→ Activity: Return all the entries word for word, minus the pictures.

→ Extracted records:
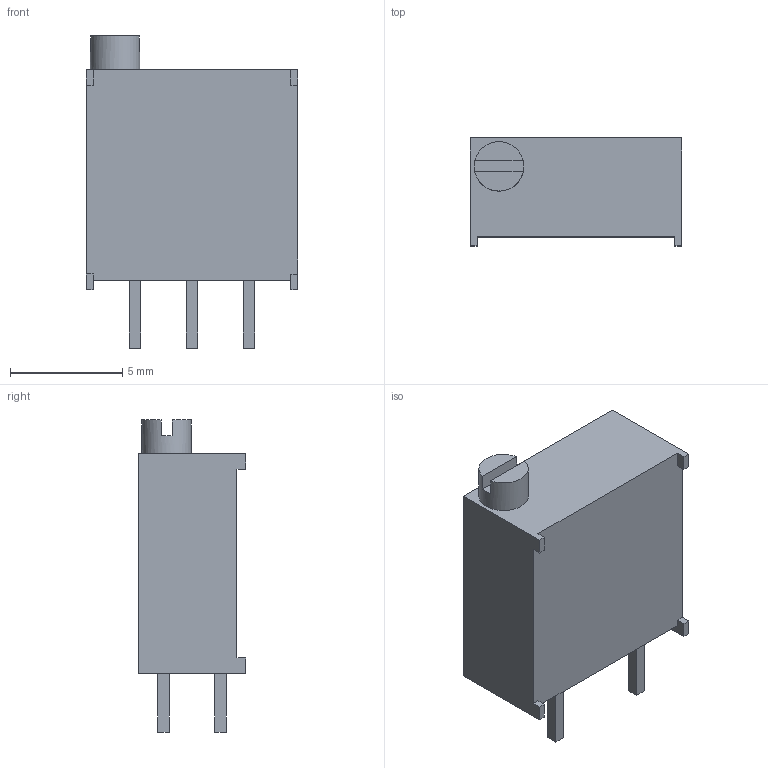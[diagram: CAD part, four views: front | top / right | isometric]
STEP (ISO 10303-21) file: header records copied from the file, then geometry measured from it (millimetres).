
FILE_DESCRIPTION((' '),'2;1');
FILE_NAME( '3296Y.stp', '2022-09-04T14:20:02', (' '), ('--- Datakit www.datakit.com---'), ' Datakit CrossCadWare V2022.3 Jun 15 2022', 'DATAKIT 2022 (c)', ' ');
FILE_SCHEMA(('AP242_MANAGED_MODEL_BASED_3D_ENGINEERING_MIM_LF { 1 0 10303 442 1 1 4 }'));
Length unit declared in the file: millimetre
Products named in the file (1): 3296Y
Bounding box: 9.4 x 4.8 x 13.9 mm (x, y, z)
Volume: 397.4 mm3; surface area: 383.5 mm2
Topology: 1 solids, 1 shells, 41 faces, 105 edges, 70 vertices
Faces by surface type: plane 40, cylinder 1
Full cylindrical faces by diameter (mm): 2.2 x1
Entity records: 1293 total; most frequent: CARTESIAN_POINT 214, ORIENTED_EDGE 206, DIRECTION 192, EDGE_CURVE 103, VECTOR 98, LINE 98, VERTEX_POINT 69, AXIS2_PLACEMENT_3D 47
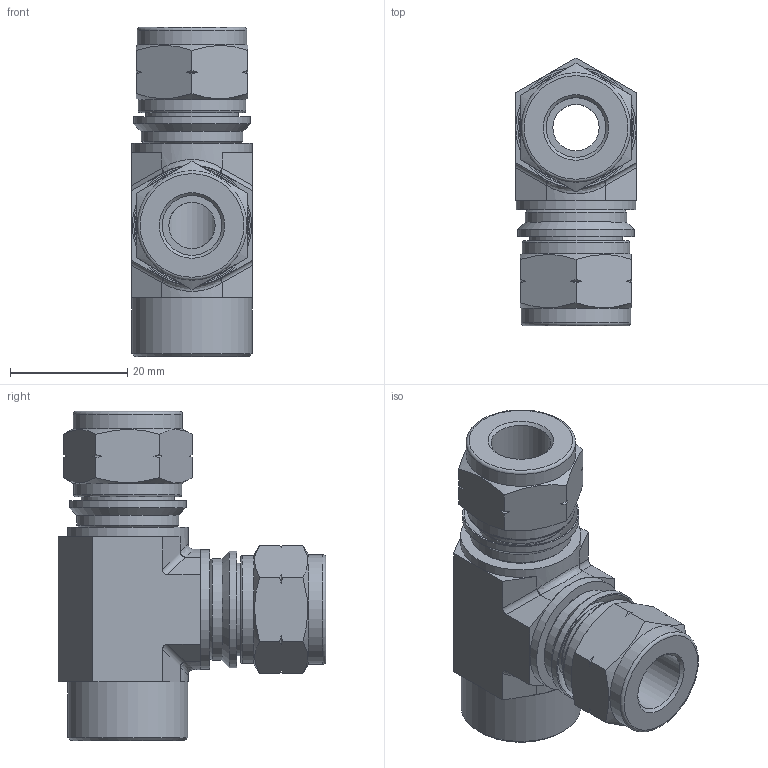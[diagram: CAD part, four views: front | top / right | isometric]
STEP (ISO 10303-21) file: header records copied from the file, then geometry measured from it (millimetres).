
FILE_DESCRIPTION(/* description */ (''),/* implementation_level */ '2;1');
FILE_NAME(/* name */ 'SFRTI-10M-4N.stp',/* time_stamp */ '2022-05-04T08:25:41+09:00',/* author */ ('user'),/* organization */ (''),/* preprocessor_version */ 'ST-DEVELOPER v18.1',/* originating_system */ 'Autodesk Inventor 2022',/* authorisation */ '');
FILE_SCHEMA (('AUTOMOTIVE_DESIGN { 1 0 10303 214 3 1 1 }'));
Length unit declared in the file: millimetre
Products named in the file (1): SFRT-10M-4N
Bounding box: 20.6 x 45.72 x 56.23 mm (x, y, z)
Volume: 19106.9 mm3; surface area: 9873.1 mm2
Topology: 1 solids, 1 shells, 127 faces, 297 edges, 183 vertices
Faces by surface type: plane 44, cone 44, cylinder 29, bspline 6, torus 4
Full cylindrical faces by diameter (mm): 7.9 x2, 10.2 x2, 10.7 x1, 14.2 x2, 14.6 x2, 15.87 x2, 17.4 x2, 18.4 x2, 18.7 x2, 19.9 x2, 20.413 x1, 20.5 x1, 20.6 x1
Entity records: 3739 total; most frequent: CARTESIAN_POINT 949, ORIENTED_EDGE 594, DIRECTION 567, EDGE_CURVE 297, AXIS2_PLACEMENT_3D 226, VERTEX_POINT 183, EDGE_LOOP 142, FACE_OUTER_BOUND 127
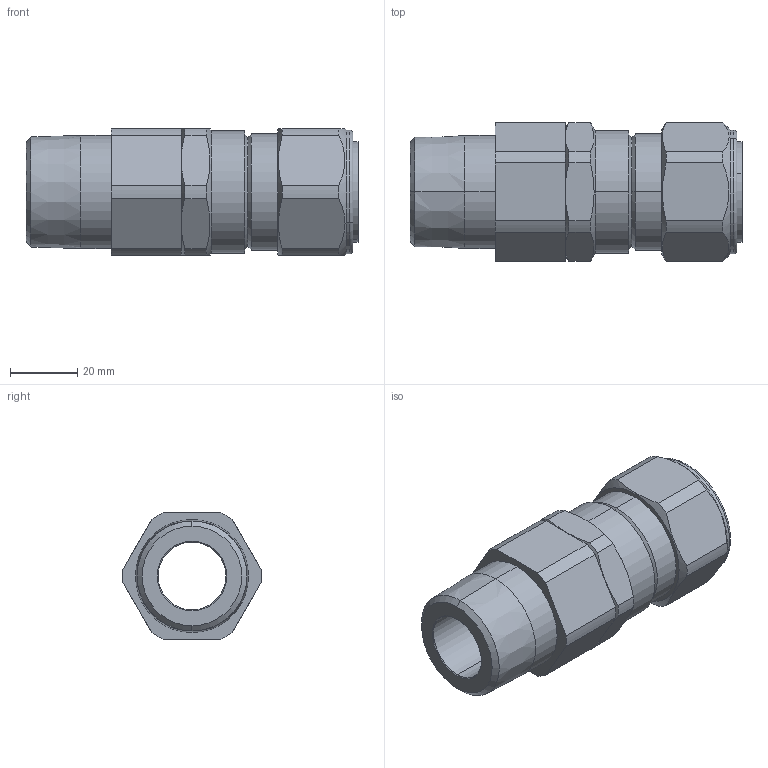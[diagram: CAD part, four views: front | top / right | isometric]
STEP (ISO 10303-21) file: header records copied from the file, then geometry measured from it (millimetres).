
FILE_DESCRIPTION (( 'STEP AP203' ), '1' );
FILE_NAME ('25TE1FU1RA033.STEP', '2021-05-12T14:42:11', ( '' ), ( '' ), 'SwSTEP 2.0', 'SolidWorks 2017', '' );
FILE_SCHEMA (( 'CONFIG_CONTROL_DESIGN' ));
Length unit declared in the file: millimetre
Products named in the file (1): 25TE1FU1RA033
Bounding box: 98.65 x 41.23 x 37.5 mm (x, y, z)
Volume: 62704.3 mm3; surface area: 21313.2 mm2
Topology: 1 solids, 1 shells, 102 faces, 236 edges, 144 vertices
Faces by surface type: cylinder 36, plane 34, cone 28, torus 4
Entity records: 3187 total; most frequent: CARTESIAN_POINT 775, DIRECTION 512, ORIENTED_EDGE 472, EDGE_CURVE 236, AXIS2_PLACEMENT_3D 209, VERTEX_POINT 144, EDGE_LOOP 112, CIRCLE 106
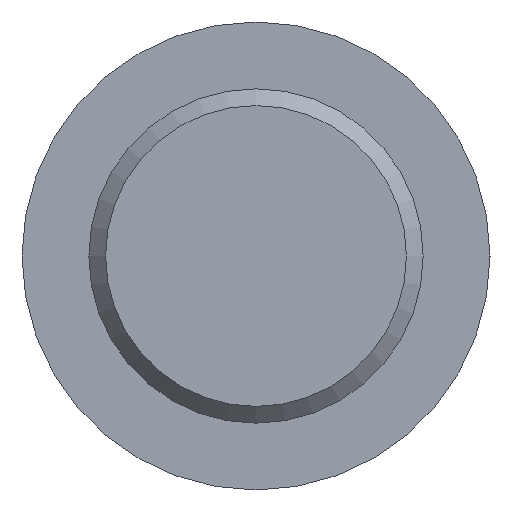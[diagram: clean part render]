
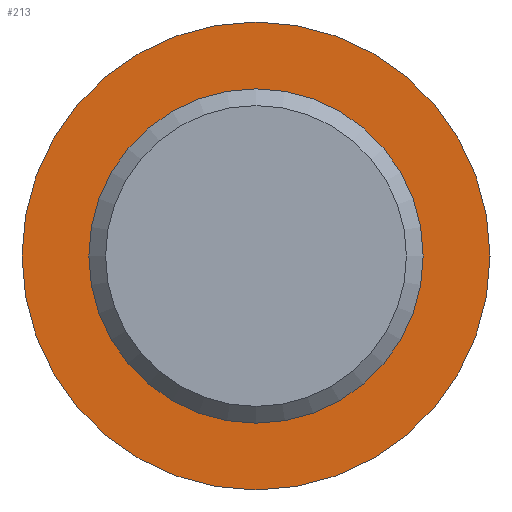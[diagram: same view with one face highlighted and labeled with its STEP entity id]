
A CAD part, left-side view. The second image highlights one B-rep face of the part: STEP entity #213.
In plain terms, the highlighted planar face has unit normal (-1, 0, 0).
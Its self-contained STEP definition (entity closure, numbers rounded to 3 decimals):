
#76=CARTESIAN_POINT('',(33.,2.5,0.));
#77=VERTEX_POINT('',#76);
#78=CARTESIAN_POINT('',(33.,0.,0.));
#79=DIRECTION('',(-0.,1.,0.));
#80=DIRECTION('',(-1.,0.,0.));
#81=AXIS2_PLACEMENT_3D('',#78,#80,#79);
#82=CIRCLE('',#81,2.5);
#83=EDGE_CURVE('',#77,#77,#82,.T.);
#194=CARTESIAN_POINT('',(33.,0.,0.));
#195=DIRECTION('',(0.,0.,1.));
#196=DIRECTION('',(-1.,0.,0.));
#197=AXIS2_PLACEMENT_3D('',#194,#196,#195);
#198=PLANE('',#197);
#199=CARTESIAN_POINT('',(33.,3.5,0.));
#200=VERTEX_POINT('',#199);
#201=CARTESIAN_POINT('',(33.,0.,0.));
#202=DIRECTION('',(-0.,1.,0.));
#203=DIRECTION('',(-1.,0.,0.));
#204=AXIS2_PLACEMENT_3D('',#201,#203,#202);
#205=CIRCLE('',#204,3.5);
#206=EDGE_CURVE('',#200,#200,#205,.T.);
#207=ORIENTED_EDGE('E15',*,*,#206,.T.);
#208=EDGE_LOOP('',(#207));
#209=FACE_OUTER_BOUND('',#208,.T.);
#210=ORIENTED_EDGE('',*,*,#83,.F.);
#211=EDGE_LOOP('',(#210));
#212=FACE_BOUND('',#211,.T.);
#213=ADVANCED_FACE('F7',(#209,#212),#198,.T.);
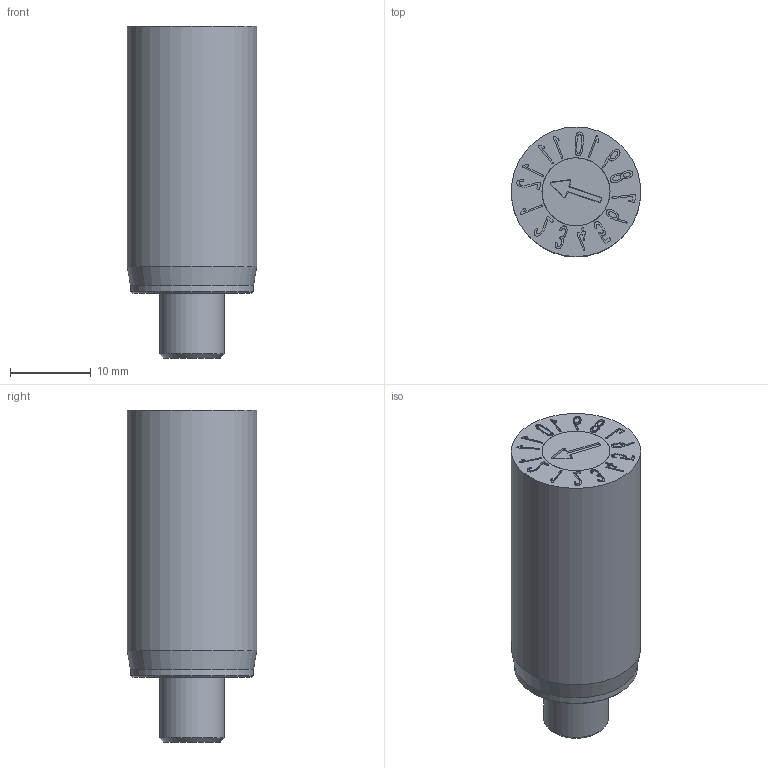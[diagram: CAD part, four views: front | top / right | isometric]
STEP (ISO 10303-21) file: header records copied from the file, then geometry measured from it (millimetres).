
FILE_DESCRIPTION(/* description */ (''),/* implementation_level */ '2;1');
FILE_NAME(/* name */ 'Dati-1200_B$16$00.stp',/* time_stamp */ '2025-08-06T17:26:45+02:00',/* author */ ('olafg'),/* organization */ (''),/* preprocessor_version */ 'ST-DEVELOPER v20',/* originating_system */ 'Autodesk Inventor 2024',/* authorisation */ '');
FILE_SCHEMA (('AUTOMOTIVE_DESIGN { 1 0 10303 214 3 1 1 }'));
Length unit declared in the file: millimetre
Products named in the file (4): Zusammenbau 1016; 1016-01-00 Hülse; 2016-05-00 Stelleinsatz; Gewindestift M8x12
Assembly tree (3 placements, depth 2):
  Zusammenbau 1016
    1016-01-00 Hülse
    2016-05-00 Stelleinsatz
    Gewindestift M8x12
Bounding box: 16 x 16 x 41 mm (x, y, z)
Volume: 6147.1 mm3; surface area: 3575.3 mm2
Topology: 3 solids, 3 shells, 311 faces, 842 edges, 560 vertices
Faces by surface type: bspline 182, plane 106, cone 14, cylinder 8, torus 1
Full cylindrical faces by diameter (mm): 3.5 x2, 8 x2, 8.4 x2, 15.2 x1, 16 x1
Entity records: 10876 total; most frequent: CARTESIAN_POINT 4114, ORIENTED_EDGE 1684, EDGE_CURVE 842, DIRECTION 793, VERTEX_POINT 560, LINE 435, VECTOR 435, B_SPLINE_CURVE_WITH_KNOTS 364

→ Solution for this task:
[diagram: CAD part, four views: front | top / right | isometric]
STEP (ISO 10303-21) file: header records copied from the file, then geometry measured from it (millimetres).
FILE_DESCRIPTION((' '),'2;1');
FILE_NAME( '3296Y.stp', '2022-09-04T14:20:02', (' '), ('--- Datakit www.datakit.com---'), ' Datakit CrossCadWare V2022.3 Jun 15 2022', 'DATAKIT 2022 (c)', ' ');
FILE_SCHEMA(('AP242_MANAGED_MODEL_BASED_3D_ENGINEERING_MIM_LF { 1 0 10303 442 1 1 4 }'));
Length unit declared in the file: millimetre
Products named in the file (1): 3296Y
Bounding box: 9.4 x 4.8 x 13.9 mm (x, y, z)
Volume: 397.4 mm3; surface area: 383.5 mm2
Topology: 1 solids, 1 shells, 41 faces, 105 edges, 70 vertices
Faces by surface type: plane 40, cylinder 1
Full cylindrical faces by diameter (mm): 2.2 x1
Entity records: 1293 total; most frequent: CARTESIAN_POINT 214, ORIENTED_EDGE 206, DIRECTION 192, EDGE_CURVE 103, VECTOR 98, LINE 98, VERTEX_POINT 69, AXIS2_PLACEMENT_3D 47
[diagram: CAD part, four views: front | top / right | isometric]
STEP (ISO 10303-21) file: header records copied from the file, then geometry measured from it (millimetres).
FILE_DESCRIPTION(/* description */ (''),/* implementation_level */ '2;1');
FILE_NAME(/* name */ 'SFRTI-10M-4N.stp',/* time_stamp */ '2022-05-04T08:25:41+09:00',/* author */ ('user'),/* organization */ (''),/* preprocessor_version */ 'ST-DEVELOPER v18.1',/* originating_system */ 'Autodesk Inventor 2022',/* authorisation */ '');
FILE_SCHEMA (('AUTOMOTIVE_DESIGN { 1 0 10303 214 3 1 1 }'));
Length unit declared in the file: millimetre
Products named in the file (1): SFRT-10M-4N
Bounding box: 20.6 x 45.72 x 56.23 mm (x, y, z)
Volume: 19106.9 mm3; surface area: 9873.1 mm2
Topology: 1 solids, 1 shells, 127 faces, 297 edges, 183 vertices
Faces by surface type: plane 44, cone 44, cylinder 29, bspline 6, torus 4
Full cylindrical faces by diameter (mm): 7.9 x2, 10.2 x2, 10.7 x1, 14.2 x2, 14.6 x2, 15.87 x2, 17.4 x2, 18.4 x2, 18.7 x2, 19.9 x2, 20.413 x1, 20.5 x1, 20.6 x1
Entity records: 3739 total; most frequent: CARTESIAN_POINT 949, ORIENTED_EDGE 594, DIRECTION 567, EDGE_CURVE 297, AXIS2_PLACEMENT_3D 226, VERTEX_POINT 183, EDGE_LOOP 142, FACE_OUTER_BOUND 127
[diagram: CAD part, four views: front | top / right | isometric]
STEP (ISO 10303-21) file: header records copied from the file, then geometry measured from it (millimetres).
FILE_DESCRIPTION (( 'STEP AP203' ), '1' );
FILE_NAME ('25TE1FU1RA033.STEP', '2021-05-12T14:42:11', ( '' ), ( '' ), 'SwSTEP 2.0', 'SolidWorks 2017', '' );
FILE_SCHEMA (( 'CONFIG_CONTROL_DESIGN' ));
Length unit declared in the file: millimetre
Products named in the file (1): 25TE1FU1RA033
Bounding box: 98.65 x 41.23 x 37.5 mm (x, y, z)
Volume: 62704.3 mm3; surface area: 21313.2 mm2
Topology: 1 solids, 1 shells, 102 faces, 236 edges, 144 vertices
Faces by surface type: cylinder 36, plane 34, cone 28, torus 4
Entity records: 3187 total; most frequent: CARTESIAN_POINT 775, DIRECTION 512, ORIENTED_EDGE 472, EDGE_CURVE 236, AXIS2_PLACEMENT_3D 209, VERTEX_POINT 144, EDGE_LOOP 112, CIRCLE 106
[diagram: clean part render]
[diagram: same view with one face highlighted and labeled with its STEP entity id]
A CAD part, left-side view. The second image highlights one B-rep face of the part: STEP entity #213.
In plain terms, the highlighted planar face has unit normal (-1, 0, 0).
Its self-contained STEP definition (entity closure, numbers rounded to 3 decimals):
#76=CARTESIAN_POINT('',(33.,2.5,0.));
#77=VERTEX_POINT('',#76);
#78=CARTESIAN_POINT('',(33.,0.,0.));
#79=DIRECTION('',(-0.,1.,0.));
#80=DIRECTION('',(-1.,0.,0.));
#81=AXIS2_PLACEMENT_3D('',#78,#80,#79);
#82=CIRCLE('',#81,2.5);
#83=EDGE_CURVE('',#77,#77,#82,.T.);
#194=CARTESIAN_POINT('',(33.,0.,0.));
#195=DIRECTION('',(0.,0.,1.));
#196=DIRECTION('',(-1.,0.,0.));
#197=AXIS2_PLACEMENT_3D('',#194,#196,#195);
#198=PLANE('',#197);
#199=CARTESIAN_POINT('',(33.,3.5,0.));
#200=VERTEX_POINT('',#199);
#201=CARTESIAN_POINT('',(33.,0.,0.));
#202=DIRECTION('',(-0.,1.,0.));
#203=DIRECTION('',(-1.,0.,0.));
#204=AXIS2_PLACEMENT_3D('',#201,#203,#202);
#205=CIRCLE('',#204,3.5);
#206=EDGE_CURVE('',#200,#200,#205,.T.);
#207=ORIENTED_EDGE('E15',*,*,#206,.T.);
#208=EDGE_LOOP('',(#207));
#209=FACE_OUTER_BOUND('',#208,.T.);
#210=ORIENTED_EDGE('',*,*,#83,.F.);
#211=EDGE_LOOP('',(#210));
#212=FACE_BOUND('',#211,.T.);
#213=ADVANCED_FACE('F7',(#209,#212),#198,.T.);
[diagram: CAD part, four views: front | top / right | isometric]
STEP (ISO 10303-21) file: header records copied from the file, then geometry measured from it (millimetres).
FILE_DESCRIPTION(/* description */ (''),/* implementation_level */ '2;1');
FILE_NAME(/* name */ 'Dati-1200_B$16$00.stp',/* time_stamp */ '2025-08-06T17:26:45+02:00',/* author */ ('olafg'),/* organization */ (''),/* preprocessor_version */ 'ST-DEVELOPER v20',/* originating_system */ 'Autodesk Inventor 2024',/* authorisation */ '');
FILE_SCHEMA (('AUTOMOTIVE_DESIGN { 1 0 10303 214 3 1 1 }'));
Length unit declared in the file: millimetre
Products named in the file (4): Zusammenbau 1016; 1016-01-00 Hülse; 2016-05-00 Stelleinsatz; Gewindestift M8x12
Assembly tree (3 placements, depth 2):
  Zusammenbau 1016
    1016-01-00 Hülse
    2016-05-00 Stelleinsatz
    Gewindestift M8x12
Bounding box: 16 x 16 x 41 mm (x, y, z)
Volume: 6147.1 mm3; surface area: 3575.3 mm2
Topology: 3 solids, 3 shells, 311 faces, 842 edges, 560 vertices
Faces by surface type: bspline 182, plane 106, cone 14, cylinder 8, torus 1
Full cylindrical faces by diameter (mm): 3.5 x2, 8 x2, 8.4 x2, 15.2 x1, 16 x1
Entity records: 10876 total; most frequent: CARTESIAN_POINT 4114, ORIENTED_EDGE 1684, EDGE_CURVE 842, DIRECTION 793, VERTEX_POINT 560, LINE 435, VECTOR 435, B_SPLINE_CURVE_WITH_KNOTS 364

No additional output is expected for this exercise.